Colombian Navy's COTEnergy Boat offers sustainable and flexible coastal operations

The uncrewed vessel is powered by a 50 hp electric motor sustained in part by solar panels.
Can Emir
COTEnergy Boat
COTEnergy Boat


The COTEnergy Boat, a new electric boat, was recently showcased at the Colombiamar 2023 business and industrial exhibition in Colombia. 

The uncrewed vessel was built by Atomo Tech and Colombia’s state-owned naval enterprise, COTECMAR, and is powered by a 50 horsepower (hp) electric motor sustained partly by solar panels mounted on the top of the deck. The boat's compact and lightweight design makes it suitable for "intelligence and reconnaissance missions, port surveillance and control missions, support in communications link missions, among others."

The Colombian Navy (ARC) intends to deploy the COTEnergy Boat in April as a valuable tool for other navies to adopt. The boat's adaptability and ability to carry and power sensors make it limited in its scope but an effective platform for scientific and research expeditions. The COTEnergy Boat can also serve as a communications link between ships or between ships and other uncrewed vessels.

Uncrewed sea vehicles have been the focus of attention, with the introduction of small drone ships for regional powers and routine patrol work showcasing how far this technology has come and how widespread it is likely to be in the future. By putting sensors and communications links onto an uncrewed vessel, a navy can effectively extend the range of what can be seen by human operators.

COTECMAR is designing sustainable technological solutions for the energy transition, and the COTEnergy Boat is being incorporated into this offer. Making patrol craft solar-powered and electric is a step towards sustainable vessels. The boat's load capacity is 880 pounds, and it can sustain its autonomous operation for just shy of an hour.

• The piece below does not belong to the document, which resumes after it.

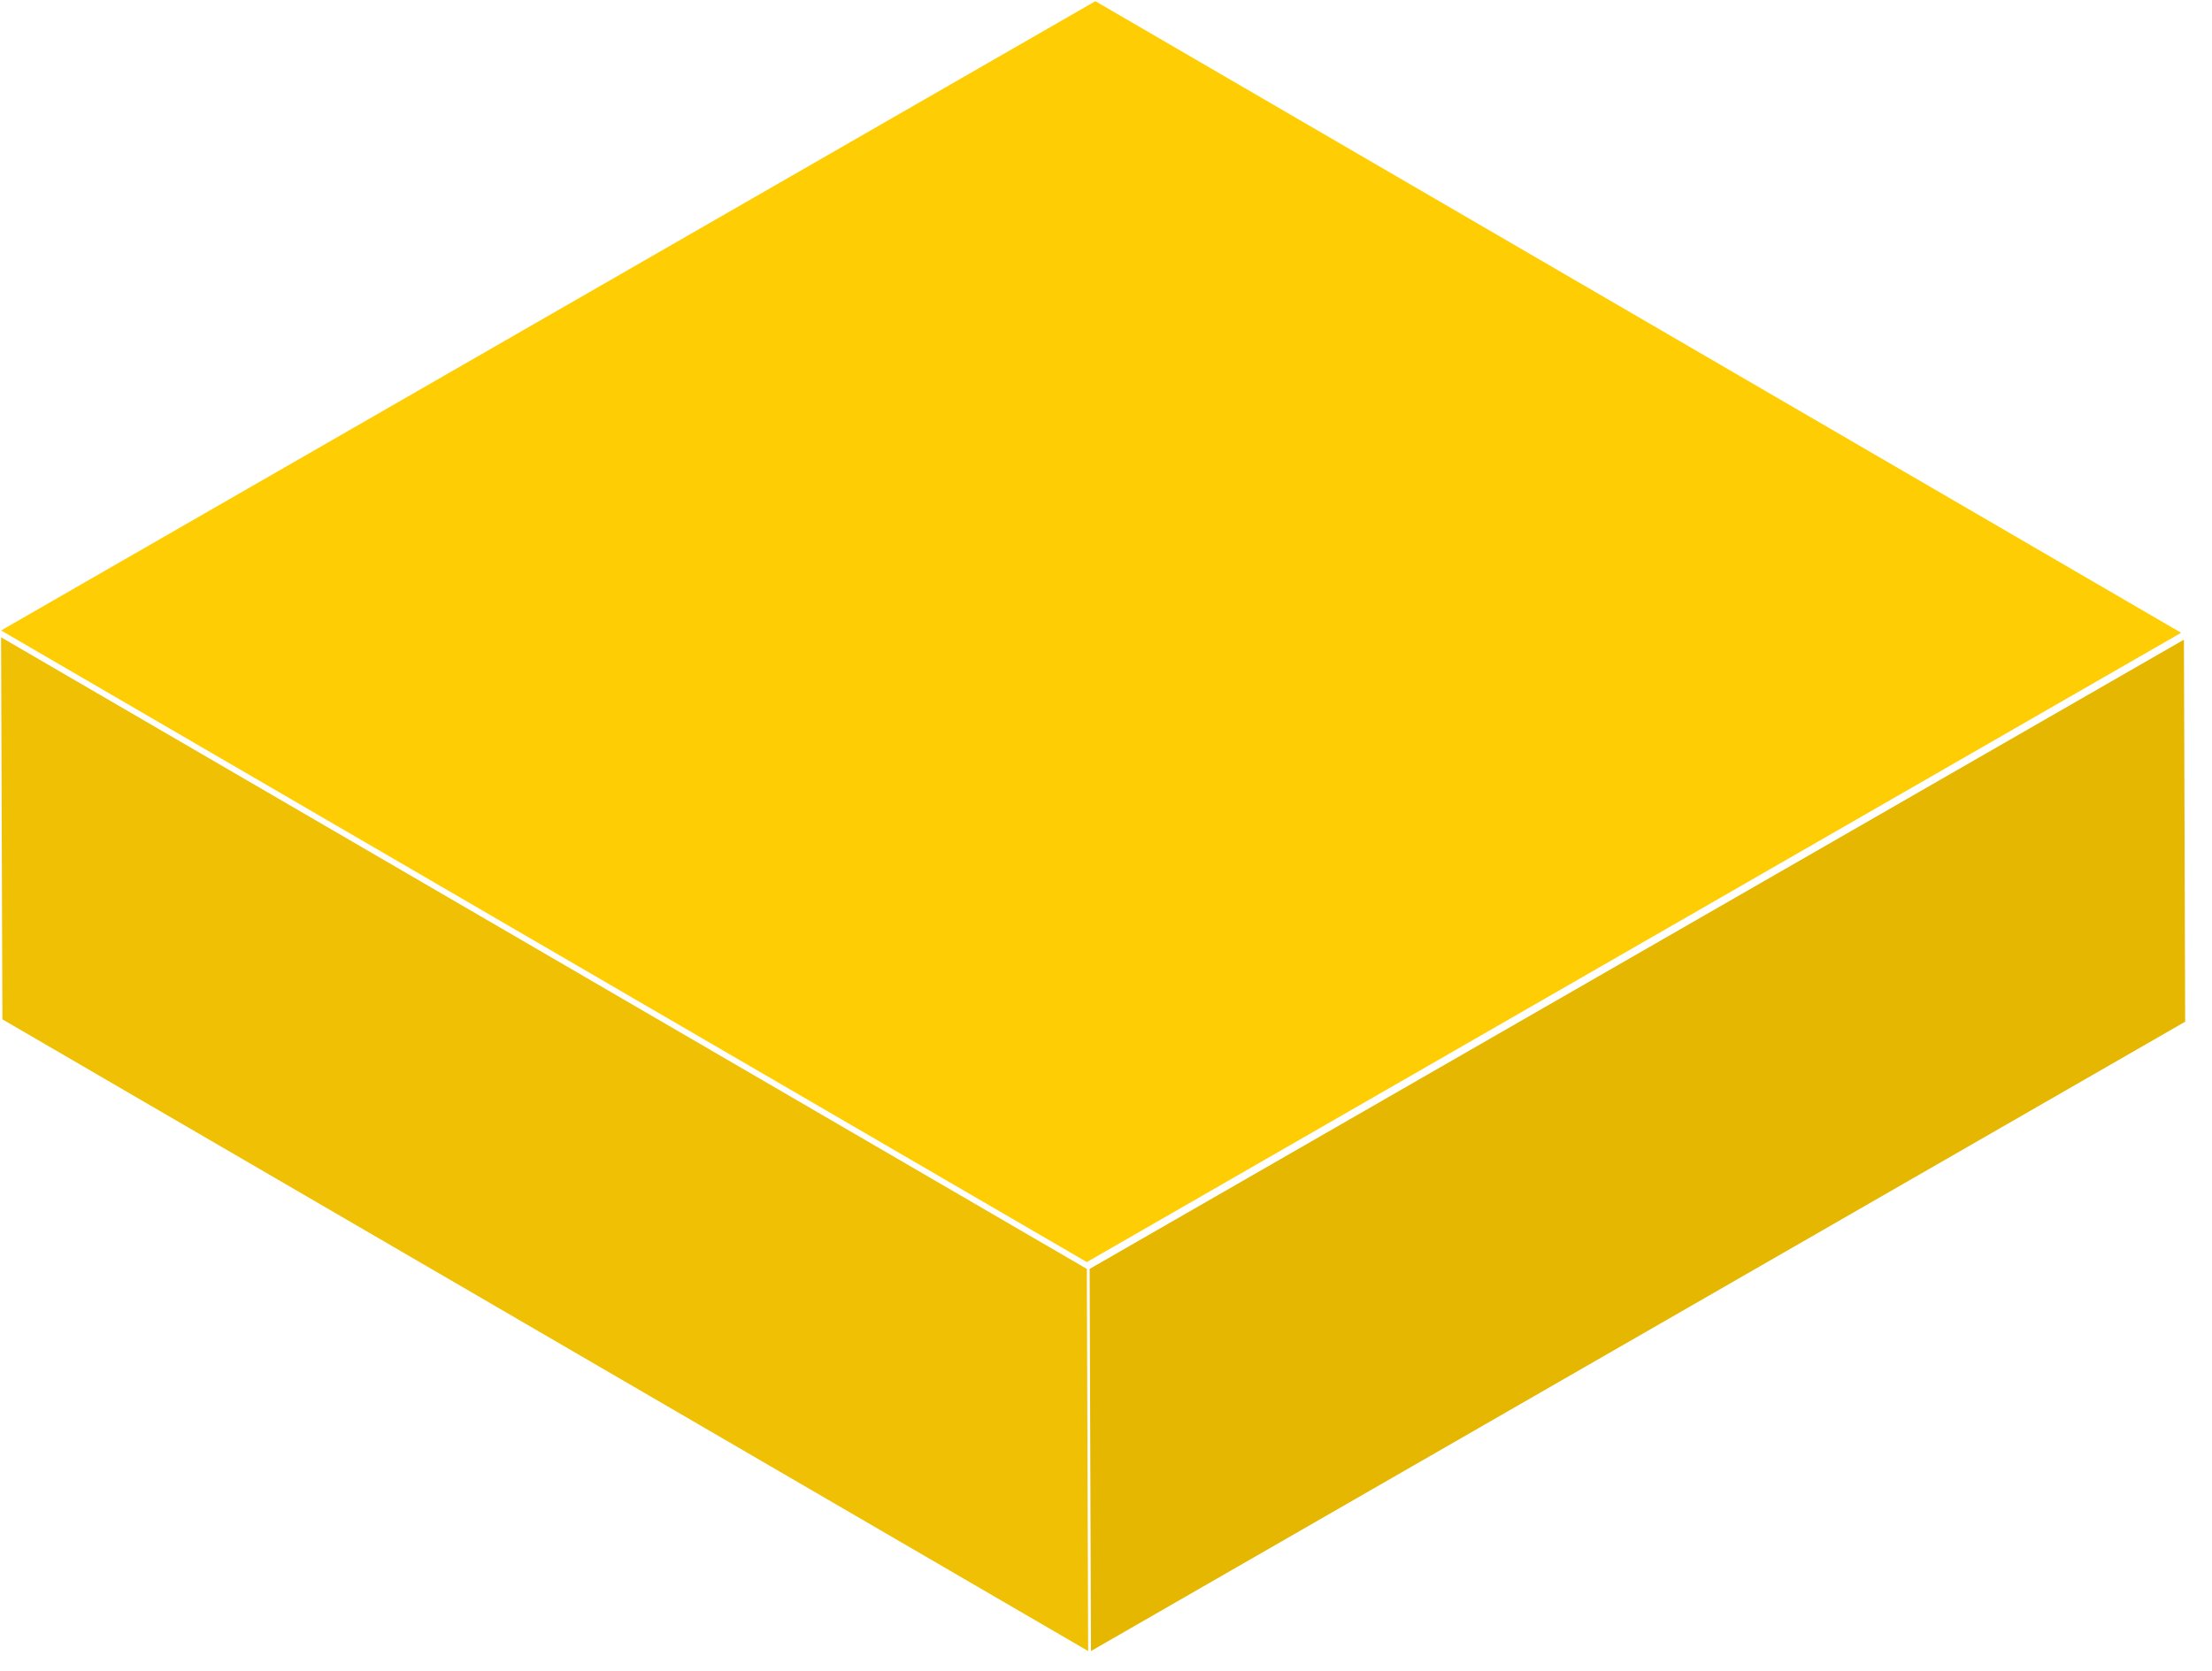 <?xml version="1.0" encoding="UTF-8"?> <svg xmlns="http://www.w3.org/2000/svg" width="45" height="34" viewBox="0 0 45 34" fill="none"> <path d="M0.022 12.829L22.11 25.681L44.372 12.876L22.284 0.024L0.022 12.829Z" fill="url(#paint0_linear)"></path> <path d="M0.022 12.968L0.049 20.742L22.137 33.596L22.11 25.82L0.022 12.968Z" fill="url(#paint1_linear)"></path> <path d="M22.167 25.82L22.194 33.596L44.454 20.79L44.429 13.016L22.167 25.82Z" fill="url(#paint2_linear)"></path> <defs> <linearGradient id="paint0_linear" x1="-15220.6" y1="20993.8" x2="-25885.3" y2="20982.5" gradientUnits="userSpaceOnUse"> <stop stop-color="#FFCD03"></stop> <stop offset="0.34" stop-color="#FFE63F"></stop> <stop offset="0.64" stop-color="#FFE66E"></stop> <stop offset="0.87" stop-color="#FFE58B"></stop> <stop offset="1" stop-color="#FFE596"></stop> </linearGradient> <linearGradient id="paint1_linear" x1="-10271.6" y1="18026.5" x2="-12928.7" y2="18023.7" gradientUnits="userSpaceOnUse"> <stop stop-color="#EFC003"></stop> <stop offset="0.34" stop-color="#FFCA3F"></stop> <stop offset="0.64" stop-color="#FFD96E"></stop> <stop offset="0.87" stop-color="#FFE28B"></stop> <stop offset="1" stop-color="#FFE596"></stop> </linearGradient> <linearGradient id="paint2_linear" x1="-7628.5" y1="18029.4" x2="-10320.3" y2="18026.5" gradientUnits="userSpaceOnUse"> <stop stop-color="#E5B701"></stop> <stop offset="0.34" stop-color="#FFCA3F"></stop> <stop offset="0.64" stop-color="#FFD96E"></stop> <stop offset="0.87" stop-color="#FFE28B"></stop> <stop offset="1" stop-color="#FFE596"></stop> </linearGradient> </defs> </svg>

Challenges faced by uncrewed ships include the lack of human presence, making them easier targets for other navies or maritime criminal groups. The same kind of Saildrones used by the US Navy to scout the Persian Gulf have also been detained by the Iranian Navy, with the risk of compromising data and data collection tools. However, the benefits of having a flexible, solar-powered robot ship outweigh the risks.